Figure 5: Shared phenomena across optimizers—parameter and gradient norm evolution, and similar generalization trends.
Case Studies and Scaling Law Extrapolation
Scaling laws fitted from the empirical data predict that matrix-based optimizers' speedup vanishes at larger scales (e.g., 7B parameters), with Muon potentially underperforming AdamW in the 1× Chinchilla regime. In high data-to-model ratio settings (16× Chinchilla), Soap outperforms Muon, indicating that second-order momentum and adaptivity to parameter heterogeneity become increasingly important.

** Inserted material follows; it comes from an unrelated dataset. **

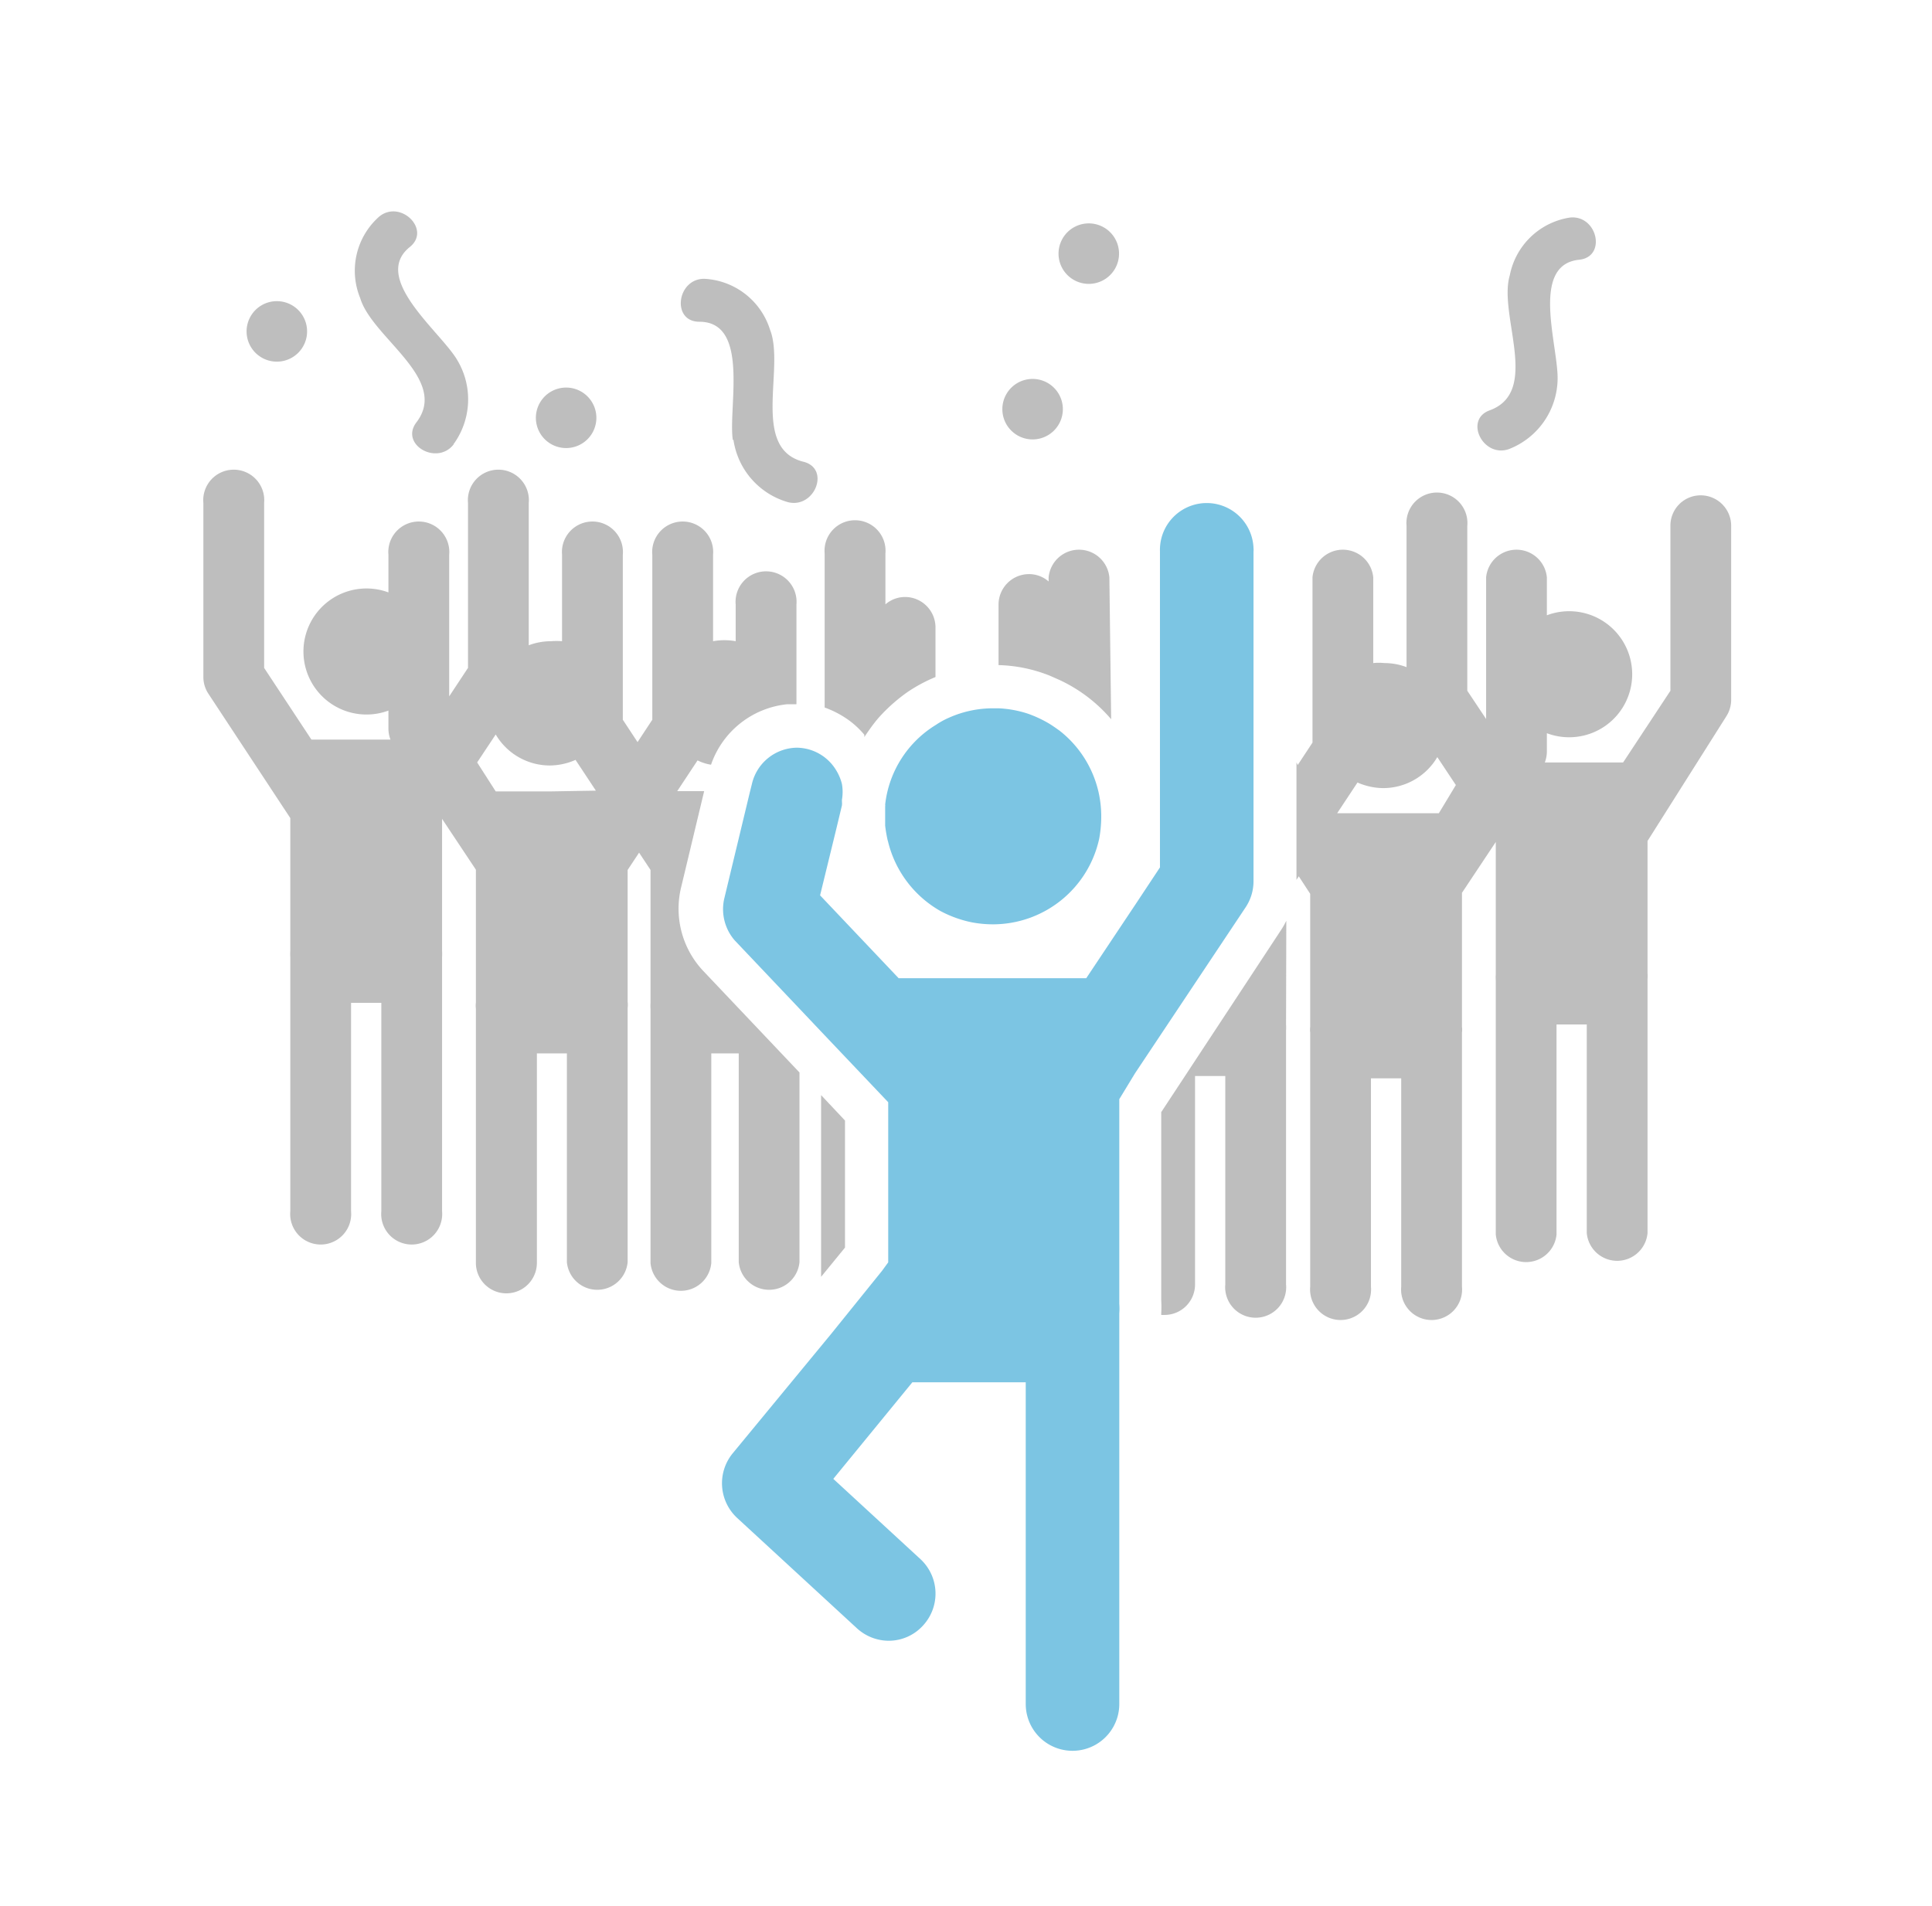 <svg id="Layer_1" data-name="Layer 1" xmlns="http://www.w3.org/2000/svg" viewBox="0 0 76 75"><defs><style>.cls-1{fill:#939393;opacity:0.6;}.cls-2{fill:#1196cc;opacity:0.55;}</style></defs><title>Unlimited Patient contacts and Groups</title><path class="cls-1" d="M29.06,41.45v8.21a1.2,1.2,0,0,0,2.39,0V42.2l-3.79-4a3.57,3.57,0,0,1-.87-3.27l.91-3.8H26.64l.8-1.21a1.83,1.83,0,0,0,.53.17,3.55,3.55,0,0,1,3-2.38l.36,0V23.79a1.2,1.2,0,1,0-2.39,0v1.44a2.5,2.5,0,0,0-.89,0v-3.4a1.2,1.2,0,1,0-2.39,0v6.49l-.58.88-.58-.88V21.83a1.2,1.2,0,1,0-2.39,0v3.4a3.13,3.13,0,0,0-.44,0,2.49,2.49,0,0,0-.87.16V19.79a1.2,1.2,0,1,0-2.39,0v6.49l-.74,1.12V21.83a1.2,1.2,0,1,0-2.39,0v1.48a2.48,2.48,0,1,0,0,4.65v.72a1.2,1.2,0,0,0,.08.42H12.25l-1.86-2.82V19.79a1.2,1.2,0,1,0-2.39,0v6.85a1.19,1.19,0,0,0,.2.66l3.22,4.89v5.23a1.94,1.94,0,0,0,0,.24v10a1.2,1.2,0,1,0,2.39,0v-8.2H15v8.2a1.2,1.2,0,1,0,2.39,0v-10a1.94,1.94,0,0,0,0-.24v-5.2l1.33,2v5.23a1,1,0,0,0,0,.24v10a1.2,1.2,0,0,0,2.4,0V41.45h1.18v8.21a1.2,1.2,0,0,0,2.39,0v-10a1,1,0,0,0,0-.24V34.23l.45-.68.45.68v5.23a1.94,1.94,0,0,0,0,.24v10a1.2,1.2,0,0,0,2.39,0V41.45ZM21.64,31.14H19.5L18.77,30l.73-1.1a2.47,2.47,0,0,0,2.14,1.22,2.54,2.54,0,0,0,1-.22l.8,1.21Zm0,0"/><path class="cls-1" d="M34,29c.13-.19.26-.38.4-.56s.28-.33.43-.48a6.73,6.73,0,0,1,.87-.73,6.1,6.1,0,0,1,1.1-.59V24.69a1.2,1.2,0,0,0-1.2-1.2,1.18,1.18,0,0,0-.77.29v-2a1.2,1.2,0,1,0-2.39,0v6.06a3.82,3.82,0,0,1,.76.37,3.38,3.38,0,0,1,.8.7Zm0,0"/><path class="cls-1" d="M33.24,44.09l-.94-1v7.15l.94-1.15Zm0,0"/><path class="cls-1" d="M66.9,19.49a1.19,1.19,0,0,0-1.19,1.2v6.49L63.85,30H60.77a1.25,1.25,0,0,0,.08-.42v-.73a2.48,2.48,0,1,0,0-4.64V22.72a1.2,1.2,0,0,0-2.39,0v5.57l-.74-1.11V20.69a1.2,1.2,0,1,0-2.39,0v5.56a2.49,2.49,0,0,0-.87-.16,2.12,2.12,0,0,0-.44,0V22.72a1.2,1.2,0,0,0-2.39,0v6.5l-.58.88L51,30v4.62l.09-.14.45.69v5.23a.86.86,0,0,0,0,.23v10a1.2,1.2,0,1,0,2.39,0v-8.2h1.19v8.2a1.2,1.2,0,1,0,2.39,0v-10a.85.85,0,0,0,0-.23V35.13l1.33-2v5.21a1.64,1.64,0,0,0,0,.23v10a1.2,1.2,0,0,0,2.39,0V40.31h1.19v8.21a1.2,1.2,0,0,0,2.39,0v-10a1.64,1.64,0,0,0,0-.23V33.09L67.9,28.2a1.22,1.22,0,0,0,.2-.66V20.69a1.2,1.2,0,0,0-1.2-1.2ZM56.6,32h-4l.8-1.21a2.57,2.57,0,0,0,1,.22,2.47,2.47,0,0,0,2.14-1.22l.73,1.1Zm0,0"/><path class="cls-1" d="M50.6,36.23a3.18,3.18,0,0,1-.23.4l-4.69,7.13v7.41a4.36,4.36,0,0,1,0,.51v.06h.13a1.2,1.2,0,0,0,1.2-1.2v-8.2h1.19v8.2a1.2,1.2,0,1,0,2.39,0v-10a1.64,1.64,0,0,0,0-.23Zm0,0"/><path class="cls-1" d="M43.64,22.72a1.2,1.2,0,0,0-2.39,0v.16a1.16,1.16,0,0,0-.77-.29,1.2,1.2,0,0,0-1.2,1.2v2.38a5.82,5.82,0,0,1,2,.41l.43.19a6,6,0,0,1,2,1.53Zm0,0"/><path class="cls-1" d="M17.84,17.48A3,3,0,0,0,18,14.19c-.63-1.11-3.42-3.23-1.88-4.47.85-.68-.36-1.88-1.2-1.2a2.84,2.84,0,0,0-.75,3.21c.46,1.56,3.52,3.18,2.21,4.89-.66.87.81,1.72,1.47.86Zm0,0"/><path class="cls-1" d="M62.12,10.22c1.09-.11.72-1.77-.36-1.66a2.85,2.85,0,0,0-2.37,2.28c-.46,1.56,1.23,4.58-.8,5.31-1,.37-.25,1.88.77,1.52A3,3,0,0,0,61.27,15c.07-1.29-1.12-4.58.85-4.78Zm0,0"/><path class="cls-1" d="M28.85,17.29A3,3,0,0,0,31,19.76c1.05.26,1.67-1.32.61-1.59-2.09-.52-.72-3.69-1.32-5.2a2.86,2.86,0,0,0-2.59-2c-1.08,0-1.29,1.69-.19,1.69,2,0,1.12,3.4,1.32,4.67Zm0,0"/><path class="cls-1" d="M22.27,17.63a1.19,1.19,0,0,0,0-2.38,1.19,1.19,0,0,0,0,2.38Zm0,0"/><path class="cls-1" d="M10.89,14.23a1.19,1.19,0,0,0,0-2.38,1.19,1.19,0,0,0,0,2.38Zm0,0"/><path class="cls-1" d="M42.83,8.79a1.19,1.19,0,0,0,0,2.38,1.19,1.19,0,0,0,0-2.38Zm0,0"/><path class="cls-1" d="M40.62,17.29a1.19,1.19,0,0,0,0-2.38,1.19,1.19,0,0,0,0,2.38Zm0,0"/><path class="cls-2" d="M44.65,42.23,49,35.7a1.85,1.85,0,0,0,.31-1v-13a.57.57,0,0,0,0-.13,1.84,1.84,0,0,0-3.68.13V34.13l-.9,1.36-2,3H35.35l-3.09-3.26.62-2.54.24-1h0a.77.77,0,0,0,0-.15v-.07a1.84,1.84,0,0,0,0-.62,1.91,1.91,0,0,0-.22-.53,1.83,1.83,0,0,0-1.15-.85h0a1.9,1.9,0,0,0-.4-.05h0a1.84,1.84,0,0,0-1.77,1.42l-.08.32-.12.5-.89,3.7A1.87,1.87,0,0,0,28.9,37l2.55,2.69.88.93,2.61,2.75v6.3L34.7,50l-2,2.48L28.81,57.2A1.86,1.86,0,0,0,29,59.73l4.71,4.34a1.86,1.86,0,0,0,1.25.49,1.82,1.82,0,0,0,1.35-.6,1.85,1.85,0,0,0-.1-2.61l-3.43-3.16,3.11-3.8h4.46V67.05a1.84,1.84,0,1,0,3.68,0V51.68a2.22,2.22,0,0,0,0-.37V43.25Zm0,0"/><path class="cls-2" d="M34.93,33.1A4.31,4.31,0,0,0,37,35.85a4.55,4.55,0,0,0,1.22.44,4.47,4.47,0,0,0,.82.08A4.28,4.28,0,0,0,43.24,33a4.8,4.8,0,0,0,.08-.85,4.35,4.35,0,0,0-.11-1,4.27,4.27,0,0,0-1.53-2.4c-.14-.1-.28-.2-.43-.29a4.71,4.71,0,0,0-.82-.38,4.33,4.33,0,0,0-1.15-.21h-.21a4.24,4.24,0,0,0-1.74.37,3.15,3.15,0,0,0-.51.28,4.22,4.22,0,0,0-2,3.14.17.17,0,0,1,0,.07c0,.12,0,.23,0,.35v0c0,.14,0,.27,0,.41a5.4,5.4,0,0,0,.1.58Zm0,0"/></svg>

Figure 6: Validation loss scaling and speedup ratios for 1.2B models; matrix-based optimizers' speedup decays to 1.1×, with no significant downstream improvements.
Figure 7: In the 130M 16× Chinchilla regime, SOAP outperforms Muon in overtraining settings.
Implementation Considerations
- Hyperparameter Transfer: Optimal hyperparameters are optimizer-specific; blind transfer leads to unfair comparisons.
- Computational Overhead: Matrix-based optimizers can be implemented with <10% step-wise overhead using blocking and efficient matrix operations.
- Evaluation Protocol: Only final checkpoints should be used for optimizer comparison; intermediate losses are unreliable.
- Scaling Law Fitting: Nonlinear least-squares fitting of hyperparameter scaling laws enables extrapolation to larger models and data budgets.
Implications and Future Directions
The paper refutes strong speedup claims for alternative optimizers in LLM pretraining, showing that rigorous benchmarking yields modest improvements over AdamW. The diminishing returns with scale suggest that optimizer design must account for scaling laws to remain effective at frontier model sizes. Future research should extend benchmarking to models beyond 1.2B parameters and explore optimizers with scale-invariant efficiency.
Conclusion
This work establishes that optimizer benchmarking in LLM pretraining requires exhaustive hyperparameter tuning and principled evaluation protocols. Matrix-based optimizers offer consistent but modest speedups over AdamW for small models and low data-to-model ratios, but their advantage diminishes with scale. The findings underscore the necessity of rigorous methodology in optimizer research and highlight open challenges in designing optimizers that maintain efficiency under scaling laws.